A lot of water, some of it murky, has passed under the bridge since 2010, the last time the Minnesota Orchestra packed its instruments in travel cases and jetted off to tour Europe. In those half-dozen years between came a calamitous labor dispute, during much of which the question was whether the orchestra would survive at all, let alone go touring again.

How times have changed. A week ago the Minnesota players returned to the Twin Cities after a whirlwind tour of four European cities. The aim? To put the orchestra back in the international spotlight, and show that the dark, desperate period of lockout and inactivity was now firmly behind it.
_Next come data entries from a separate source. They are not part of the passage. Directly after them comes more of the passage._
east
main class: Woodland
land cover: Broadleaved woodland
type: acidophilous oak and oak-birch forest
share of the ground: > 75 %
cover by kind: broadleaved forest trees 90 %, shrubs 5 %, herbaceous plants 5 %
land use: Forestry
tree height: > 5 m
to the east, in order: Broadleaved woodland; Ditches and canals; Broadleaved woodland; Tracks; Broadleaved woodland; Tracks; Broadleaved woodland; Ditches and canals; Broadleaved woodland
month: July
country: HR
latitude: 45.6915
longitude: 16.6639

If the reaction of critics reviewing the concerts is anything to go by, it was mission accomplished. In Lahti, Finland, where Minnesota Orchestra Music Director Osmo Vänskä was once chief conductor, the daily newspaper Aamulehti praised the "highly energetic" performance of Beethoven's Third Symphony, while the Helsingin Sanomat highlighted the "streamlined, polished" tone of what it described as "a monumental interpretation."

In Edinburgh, at the storied International Festival, the reception was no different. "That plush, supercharged Minnesota sound is back with a new edge of tenacity," enthused the Guardian. "The quintessential big glossy American orchestra," was the Scotsman's verdict, "the strings rich and sweeping, all sections fanatically ordered and cooperative."
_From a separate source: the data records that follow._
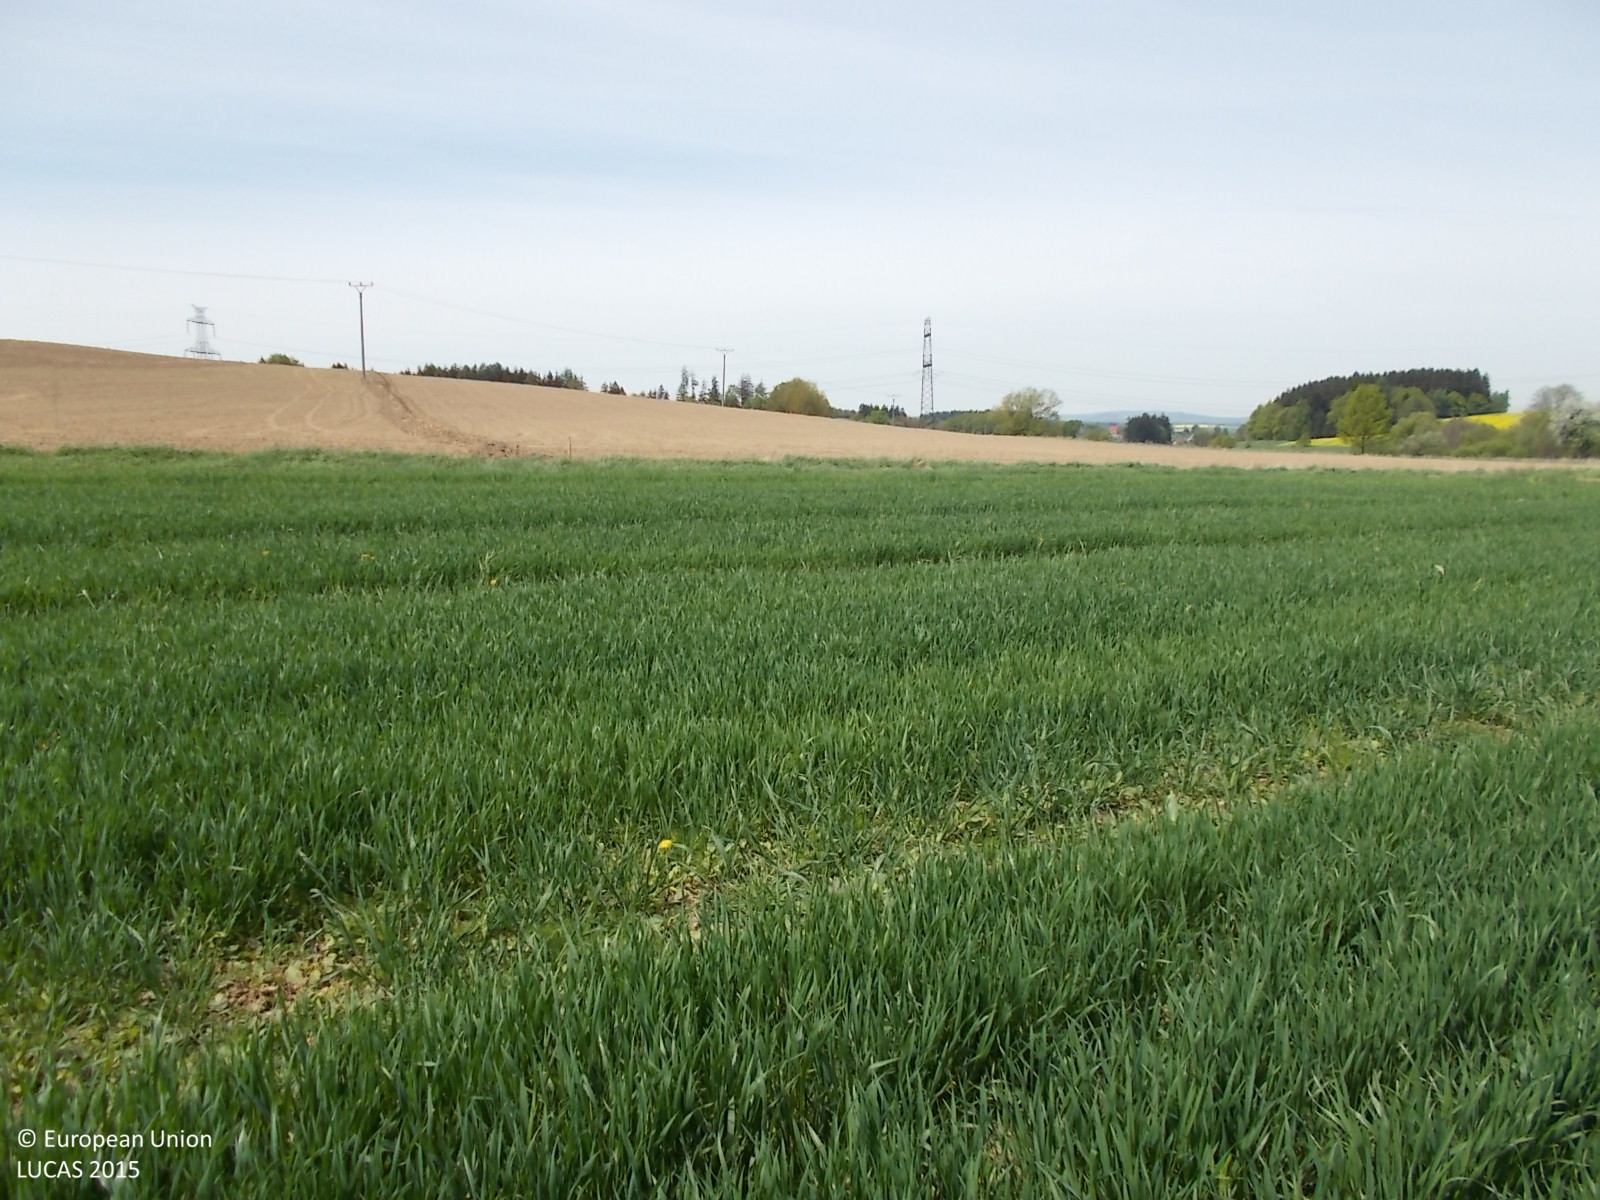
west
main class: Cropland
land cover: Common wheat
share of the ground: > 75 %
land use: Agriculture (excluding fallow land and kitchen gardens)
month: May
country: CZ
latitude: 49.5598
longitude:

At all four stop-offs, which included Copenhagen and the famed Concertgebouw in Amsterdam, the contribution of tour soloist Pekka Kuusisto was a major talking point. His performances of violin concertos by Sibelius and Prokofiev were judged highly individual and expressive, but it was what happened afterward that particularly drew attention.

Speaking to the audience, Kuusisto drew parallels between the experience of the Minnesota Orchestra players during the lockout, the Nordic immigration to the state in the 19th century, and patterns of forced migration in the modern era. And then he played "We Sold Our Home," an old Swedish folk song, as an encore. The orchestra hummed along, and Vänskä joined in on clarinet, in what one reviewer called a "profoundly moving" moment.
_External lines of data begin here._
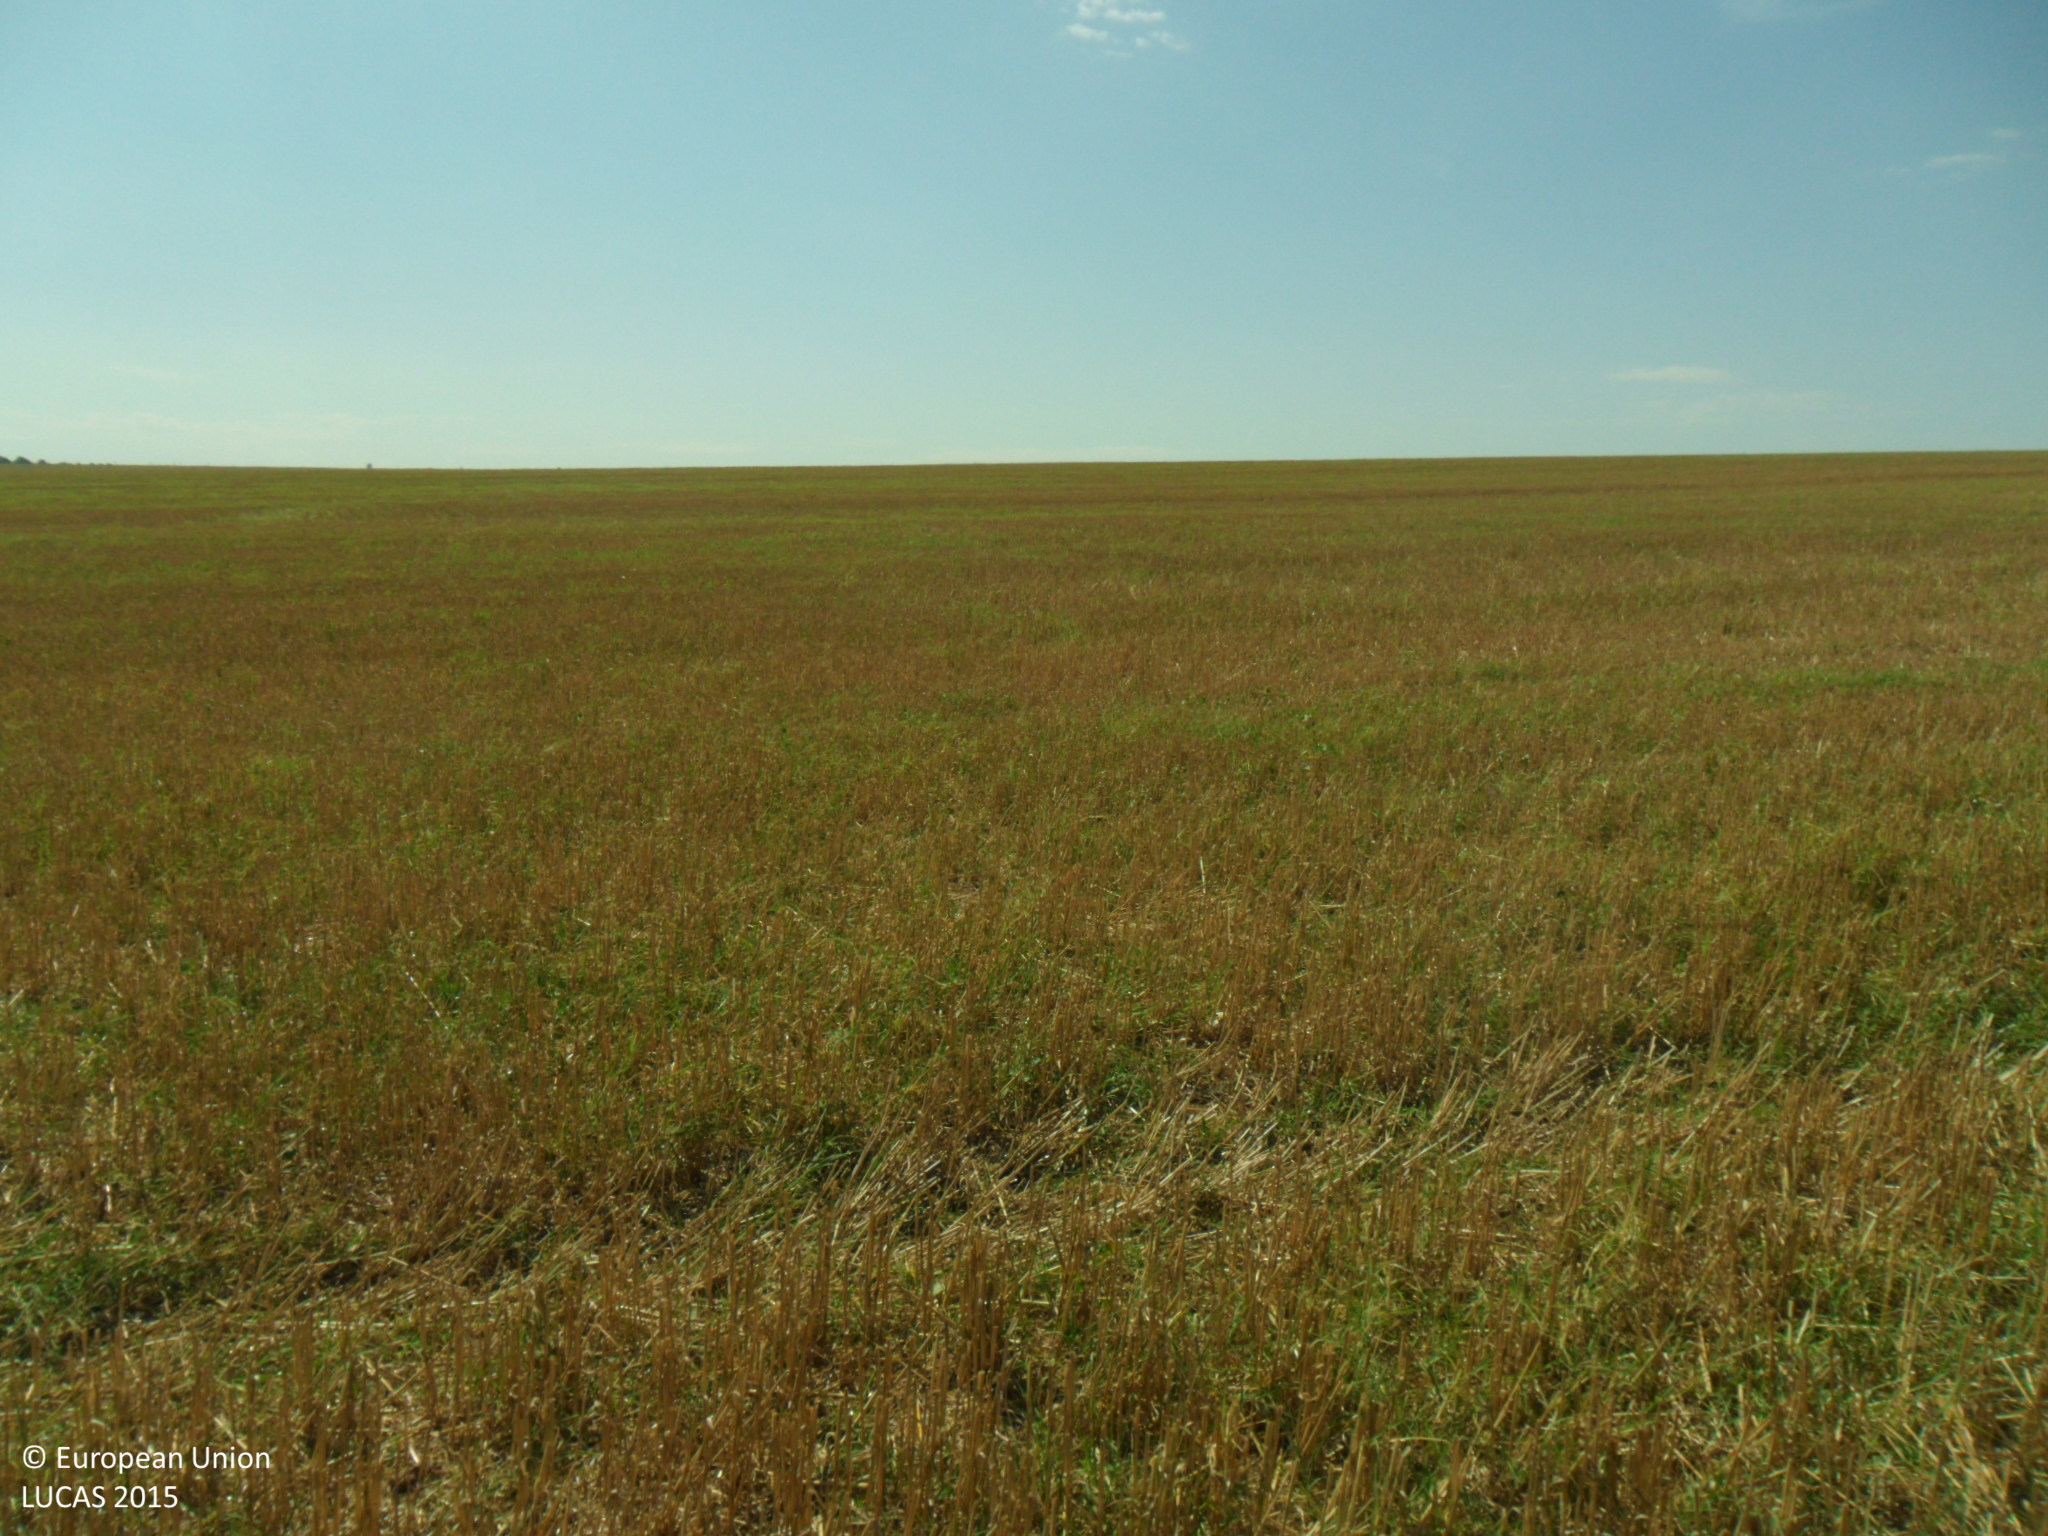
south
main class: Cropland
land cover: Common wheat
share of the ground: 50 - 75 %
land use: Agriculture (excluding fallow land and kitchen gardens)
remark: Harvested field
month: August
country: BG
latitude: 43.5937
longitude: 26.4677

For Gwen Pappas, director of public relations at the Minnesota Orchestra, the tour has been a defining moment in the ensemble's emergence from a traumatic period of uncertainty and contractual wrangling. "It was pretty spectacular," she says. "Really good venues, really strong performances, and terrific response from audiences."

The day the players spent with Vivo, a training orchestra for student musicians in Finland, was, one of the trip's special experiences, Pappas said. Rehearsing Dvorák's "New World" Symphony alongside the Finnish youngsters, then performing it with Vänskä, was for some of the Minnesota Orchestra members "the high point of the tour," a unique learning experience for all 140 participants.

As a new season at home base in Orchestra Hall beckons, Pappas describes the orchestra's post-tour mood as "pretty euphoric." "I got a general sense of great satisfaction with how the concerts went, and a hunger for doing more," she says. "It was important to show we're out there on the international map, and we're sounding better than ever."

A recent transplant from Ireland, Terry Blain is a Twin Cities music and theater writer.